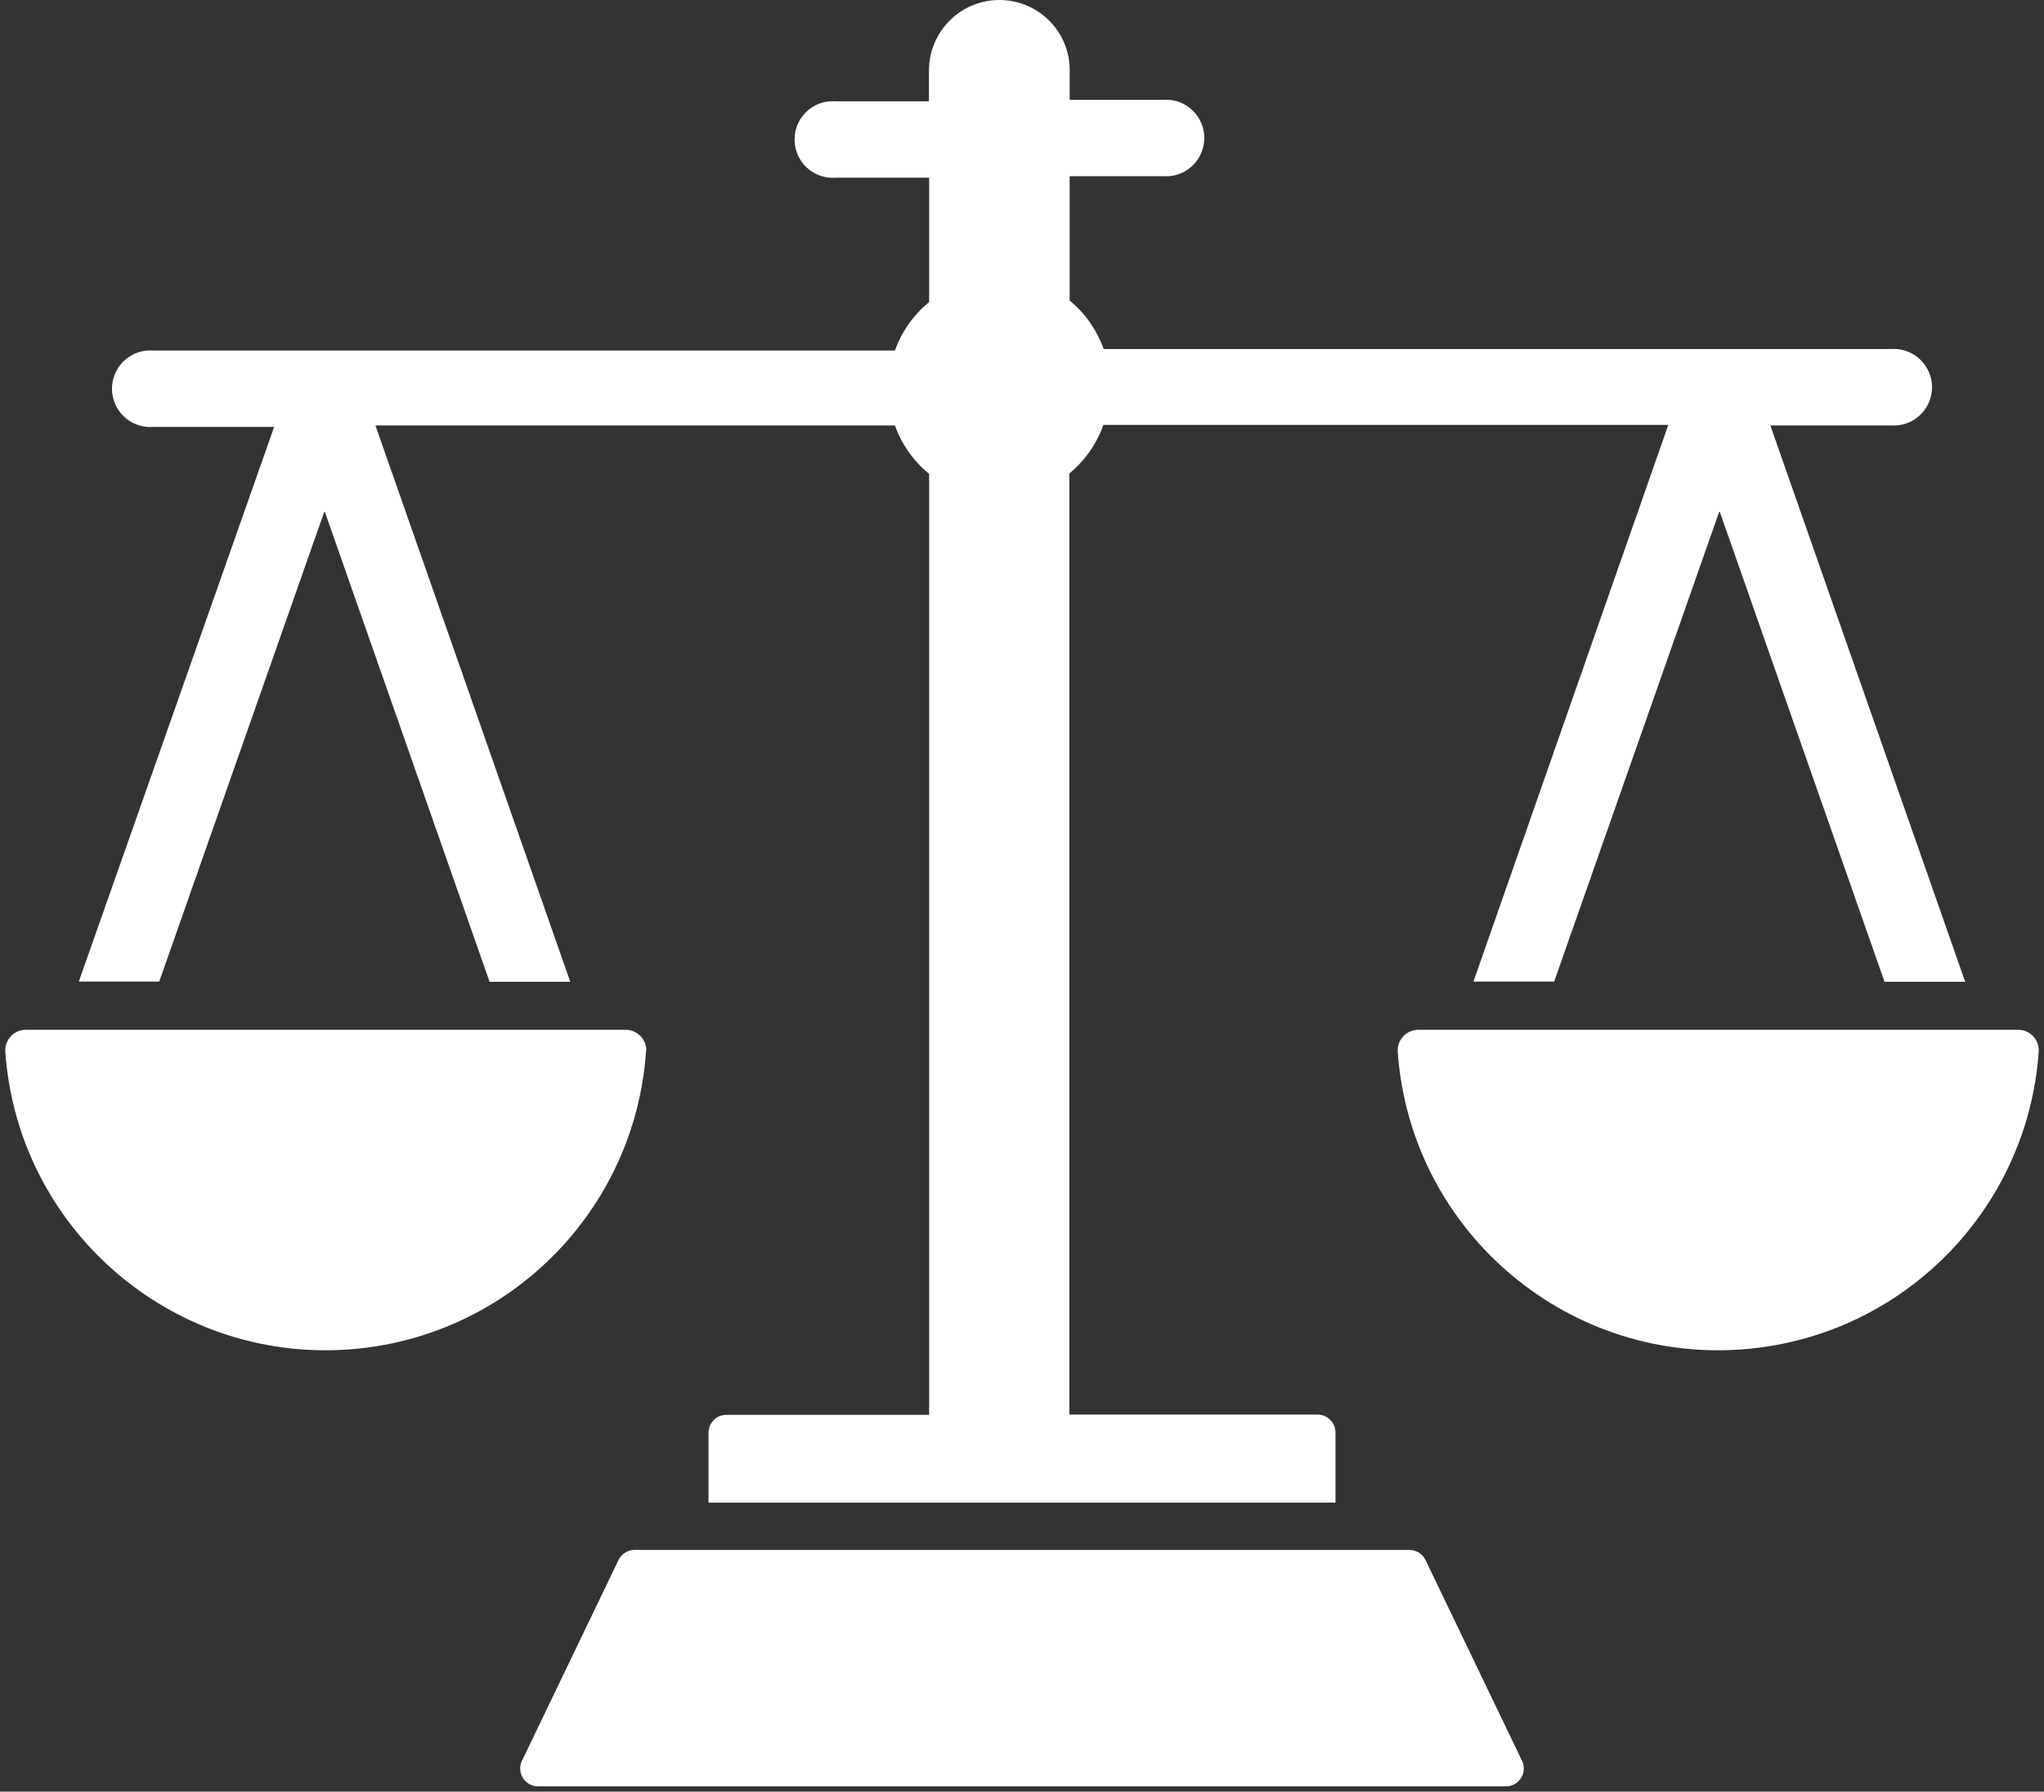 <svg width="389" height="341" xmlns="http://www.w3.org/2000/svg" xmlns:xlink="http://www.w3.org/1999/xlink" overflow="hidden"><rect width="100%" height="100%" fill="#333333" stroke="none"/><defs><clipPath id="clip0"><rect x="875" y="368" width="389" height="341"/></clipPath></defs><g clip-path="url(#clip0)" transform="translate(-875 -368)"><path d="M1146.3 664.936C1145.74 663.753 1144.54 663 1143.23 663L995.766 663C994.458 663 993.265 663.753 992.702 664.936L974.268 703.278C973.539 705.008 974.347 707.003 976.074 707.733 976.473 707.901 976.9 707.992 977.333 708L1161.67 708C1163.54 707.966 1165.03 706.416 1165 704.538 1164.99 704.105 1164.9 703.677 1164.73 703.278Z" fill="#FFFFFF" fill-rule="evenodd"/><path d="M1259.31 564 1144.98 564C1142.81 563.973 1141.03 565.707 1141 567.875 1141 567.939 1141 568.003 1141 568.067 1143.3 601.729 1172.48 627.154 1206.16 624.856 1236.65 622.776 1260.92 598.528 1263 568.067 1263.08 565.934 1261.44 564.128 1259.31 564Z" fill="#FFFFFF" fill-rule="evenodd"/><path d="M905.305 554.822 936.765 465.255 968.177 554.87 983.529 554.87 946.448 448.97 1044.09 448.97 1045.31 448.97C1046.61 452.584 1048.86 455.777 1051.83 458.201L1051.83 637.289 1013.24 637.289C1011.36 637.289 1009.84 638.815 1009.84 640.698L1009.84 654 1129.16 654 1129.16 640.65C1129.16 638.768 1127.64 637.242 1125.76 637.242L1078.52 637.242 1078.52 458.106C1081.47 455.671 1083.71 452.481 1084.99 448.875L1086.22 448.875 1192.5 448.875 1155.42 554.822 1170.78 554.822 1202.24 465.255 1233.65 554.87 1249 554.87 1211.92 448.97 1234.83 448.97C1238.83 449.294 1242.34 446.303 1242.67 442.29 1242.99 438.276 1240 434.76 1236 434.436 1235.61 434.404 1235.22 434.404 1234.83 434.436L1086.27 434.436 1085.04 434.436C1083.76 430.829 1081.52 427.638 1078.57 425.204L1078.57 401.534 1096.33 401.534C1100.34 401.859 1103.84 398.868 1104.17 394.855 1104.49 390.841 1101.51 387.325 1097.5 387.001 1097.11 386.969 1096.72 386.969 1096.33 387.001L1078.57 387.001 1078.57 381.368C1078.59 377.811 1077.17 374.398 1074.65 371.9 1069.39 366.671 1060.89 366.705 1055.68 371.976 1053.2 374.476 1051.81 377.847 1051.79 381.368L1051.79 387.285 1034.07 387.285C1030.07 386.961 1026.56 389.951 1026.24 393.965 1025.91 397.978 1028.9 401.494 1032.9 401.819 1033.29 401.85 1033.68 401.85 1034.07 401.819L1051.83 401.819 1051.83 425.489C1048.86 427.913 1046.61 431.105 1045.31 434.72L1044.09 434.72 904.171 434.72C900.166 434.396 896.658 437.386 896.334 441.4 896.011 445.413 898.995 448.929 903 449.253 903.389 449.285 903.781 449.285 904.171 449.253L927.176 449.253 890 554.822Z" fill="#FFFFFF" fill-rule="evenodd"/><path d="M997.997 568.067C998.076 565.901 996.383 564.081 994.216 564.003 994.152 564 994.088 564 994.024 564L879.976 564C877.808 563.973 876.028 565.707 876 567.875 876 567.939 876 568.003 876.003 568.067 878.301 601.728 907.464 627.154 941.138 624.856 971.612 622.776 995.87 598.528 997.95 568.067Z" fill="#FFFFFF" fill-rule="evenodd"/></g></svg>
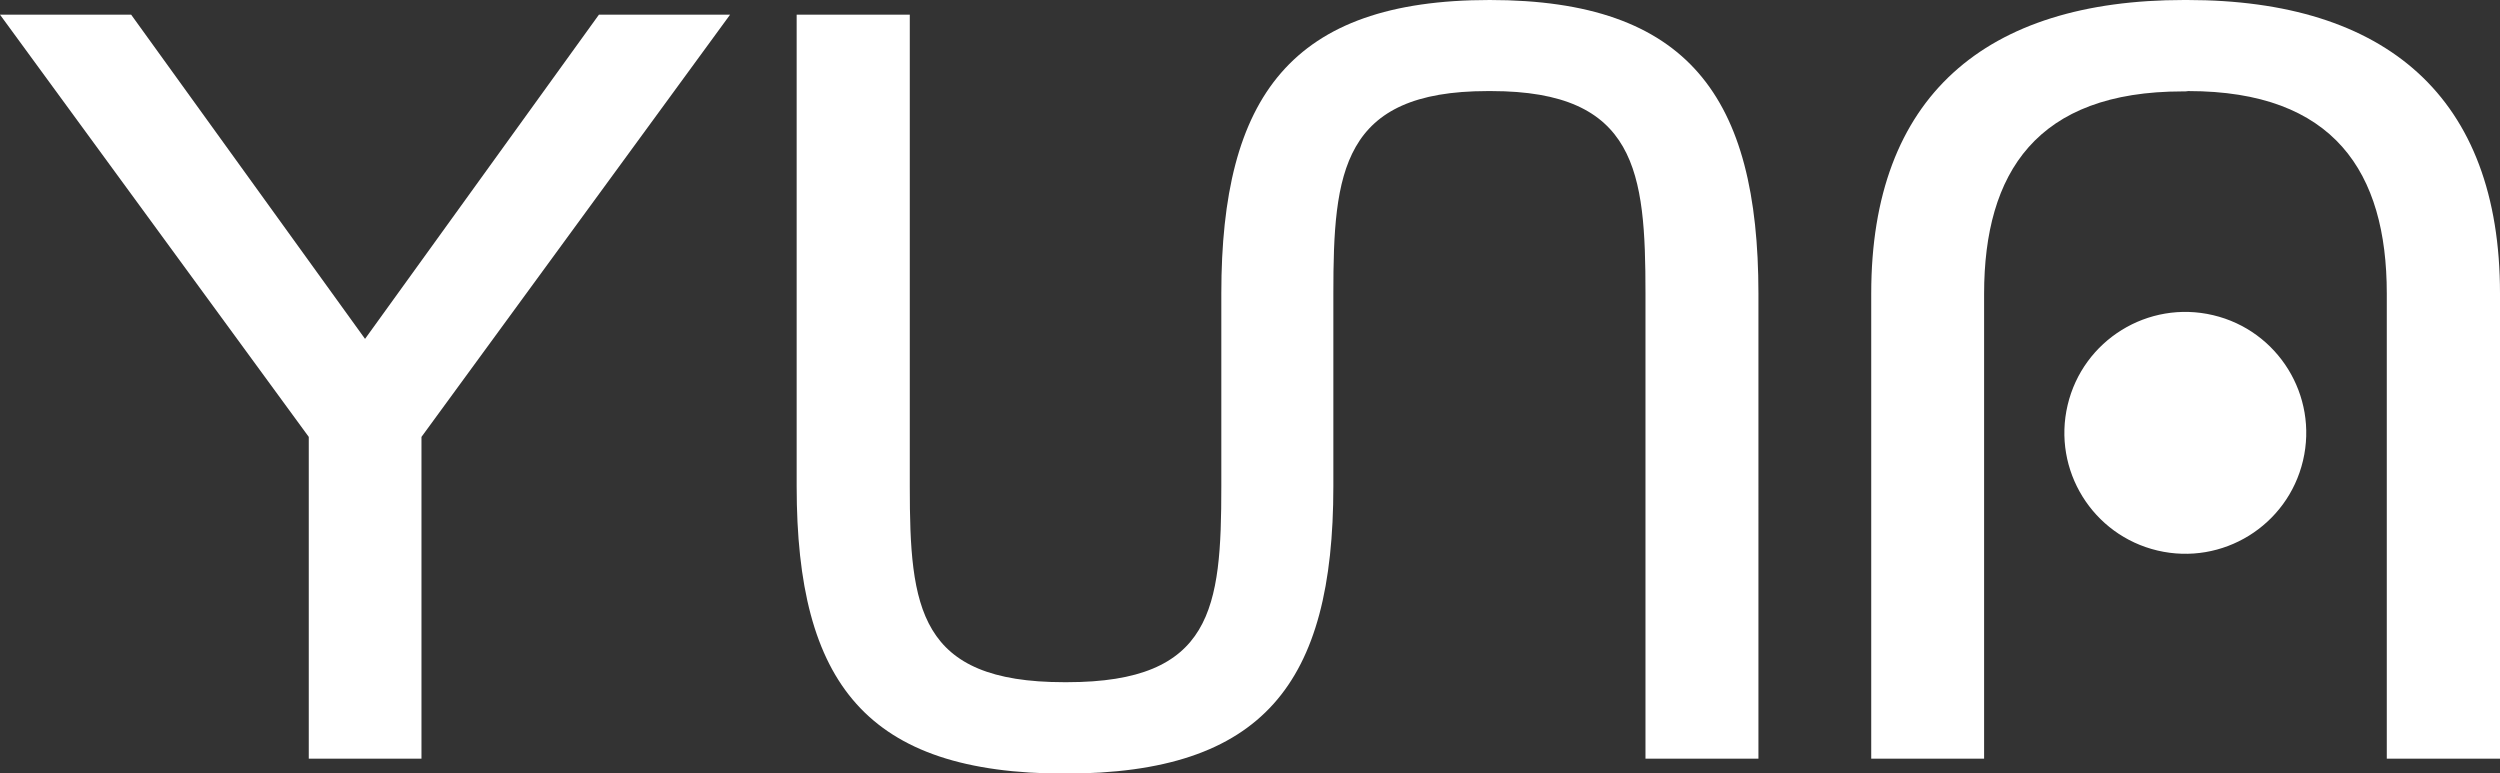<svg id="Ebene_1" data-name="Ebene 1" xmlns="http://www.w3.org/2000/svg" viewBox="0 0 298.12 92.22">
  <rect x="0" y="0" width="298.12" height="92.22" fill="#333333" stroke="none"/>
  <defs>
    <style>
      .cls-1 {
        fill: #fff;
      }
    </style>
  </defs>
  <path class="cls-1" d="M177.64,0c-23.68,0-32,11.53-32,35V58c0,14.49-1,23.35-18.4,23.35h-.34c-17.38,0-18.41-8.86-18.41-23.35V1.75H95V58c0,23.52,8.35,34.25,32,34.25S159,81.49,159,58V35c0-14.48,1-24.14,18.4-24.14h.42c17.38,0,18.4,9.66,18.4,24.14V90.47h13.47V35C209.68,11.57,201.33,0,177.64,0Z"/>
  <path class="cls-1" d="M260.61,10.9h-.34c-17.38,0-23.67,9.66-23.67,24.14V90.47H223.14V35c0-23.51,13.62-35,37.3-35h.38c23.68,0,37.3,11.53,37.3,35V90.47h-13.5V35c0-14.48-6.29-24.14-23.67-24.14Z"/>
  <path class="cls-1" d="M43.53,40.41,71.42,1.75H87.06L50.26,52.1V90.47H36.82V52.1L0,1.75H15.64Z"/>
  <circle class="cls-1" cx="260.61" cy="51.62" r="14.42" transform="translate(150.49 293.4) rotate(-76.72)"/>
</svg>

•••

(YOUR OBJECTIVE) Read the listing. Copy each line that has the word "class" in it.

(WRITTEN REPLY)
  <path class="cls-1" d="M177.64,0c-23.68,0-32,11.53-32,35V58c0,14.49-1,23.35-18.4,23.35h-.34c-17.38,0-18.41-8.86-18.41-23.35V1.75H95V58c0,23.52,8.35,34.25,32,34.25S159,81.49,159,58V35c0-14.48,1-24.14,18.4-24.14h.42c17.38,0,18.4,9.66,18.4,24.14V90.47h13.47V35C209.68,11.57,201.33,0,177.64,0Z"/>
  <path class="cls-1" d="M260.61,10.9h-.34c-17.38,0-23.67,9.66-23.67,24.14V90.47H223.14V35c0-23.51,13.62-35,37.3-35h.38c23.68,0,37.3,11.53,37.3,35V90.47h-13.5V35c0-14.48-6.29-24.14-23.67-24.14Z"/>
  <path class="cls-1" d="M43.53,40.41,71.42,1.75H87.06L50.26,52.1V90.47H36.82V52.1L0,1.75H15.64Z"/>
  <circle class="cls-1" cx="260.61" cy="51.62" r="14.42" transform="translate(150.49 293.4) rotate(-76.72)"/>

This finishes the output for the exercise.